-- Problem description --
Leaving out the pictures, retype exactly the lines from the one holding "Modality: MD" through the end of the material.
_ _ _ _ _ _ _
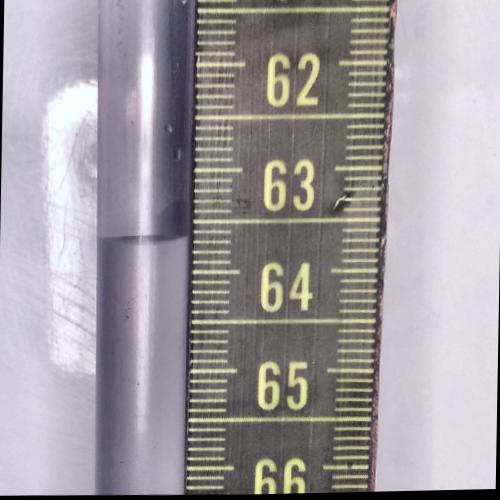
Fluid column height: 63.7 cm
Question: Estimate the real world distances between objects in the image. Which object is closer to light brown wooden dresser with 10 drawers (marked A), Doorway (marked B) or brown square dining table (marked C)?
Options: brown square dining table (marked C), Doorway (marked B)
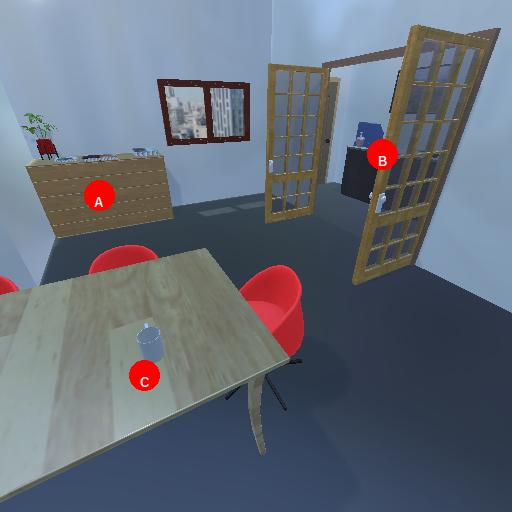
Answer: brown square dining table (marked C)
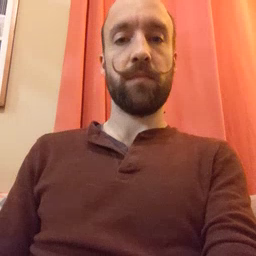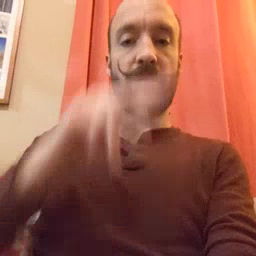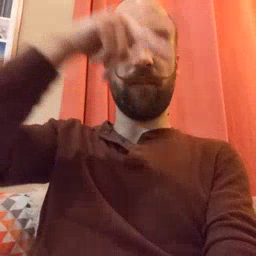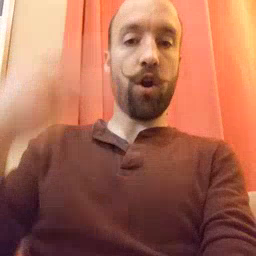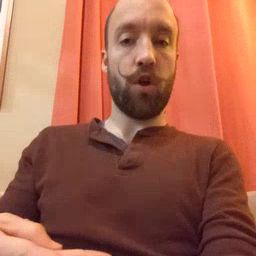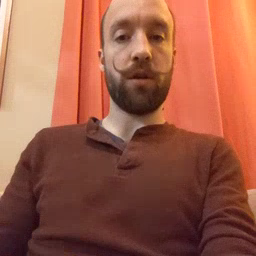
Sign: fall
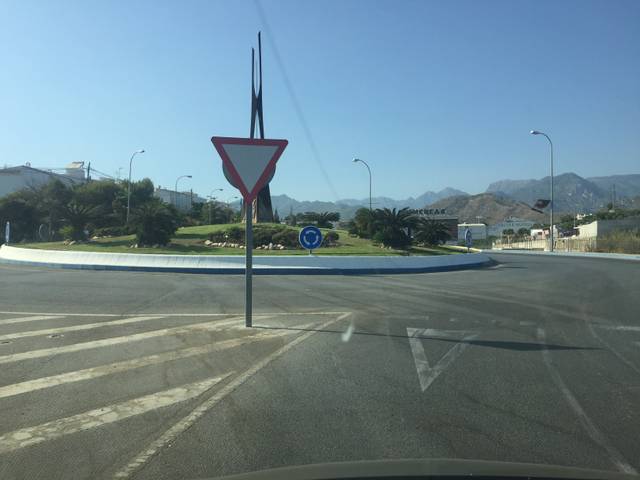
Region: Spain
Coordinates: 36.757, -3.886
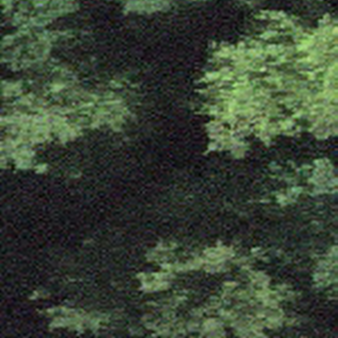
Label: other
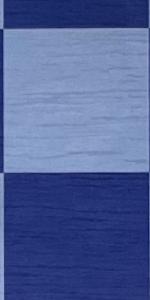
Label: Empty
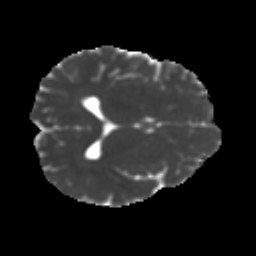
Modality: MD
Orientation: axial
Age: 18
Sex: male
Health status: ill
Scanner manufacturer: ge
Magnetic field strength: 3 T
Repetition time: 6.752 s
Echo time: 0.079 s
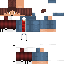
A male human skin with medium skin, wearing brown long hair dressed in a blue hoodie and brown pants, featuring a closed mouth.
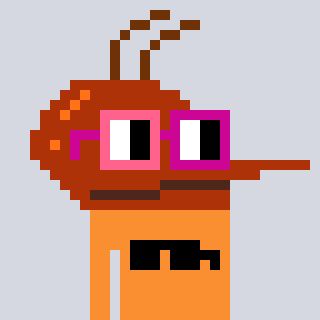
a pixel art character with square pink and red glasses, a mosquito-shaped head and a orange-colored body on a cool background
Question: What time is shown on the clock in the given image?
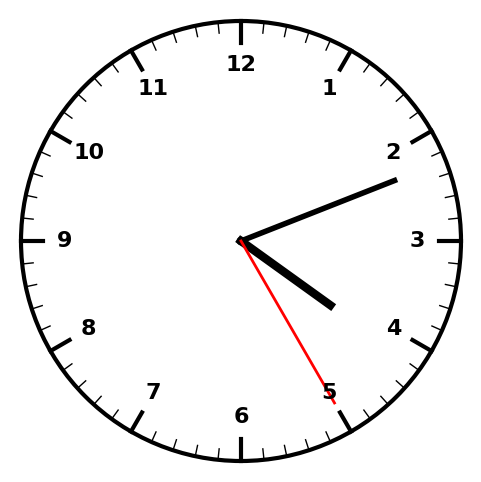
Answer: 04:11:25
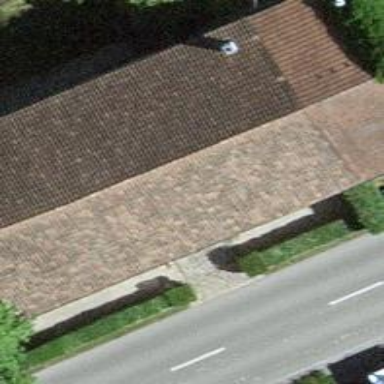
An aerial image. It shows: Simple house.
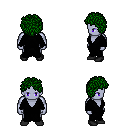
_ _ _ _ _ _ _
-- Solution for this problem --
Modality: MD
Orientation: axial
Age: 18
Sex: male
Health status: ill
Scanner manufacturer: ge
Magnetic field strength: 3 T
Repetition time: 6.752 s
Echo time: 0.079 s
A male human skin with medium skin, wearing brown long hair dressed in a blue hoodie and brown pants, featuring a closed mouth.
a pixel art character with square pink and red glasses, a mosquito-shaped head and a orange-colored body on a cool background
Question: What time is shown on the clock in the given image?
Answer: 04:11:25
An aerial image. It shows: Simple house.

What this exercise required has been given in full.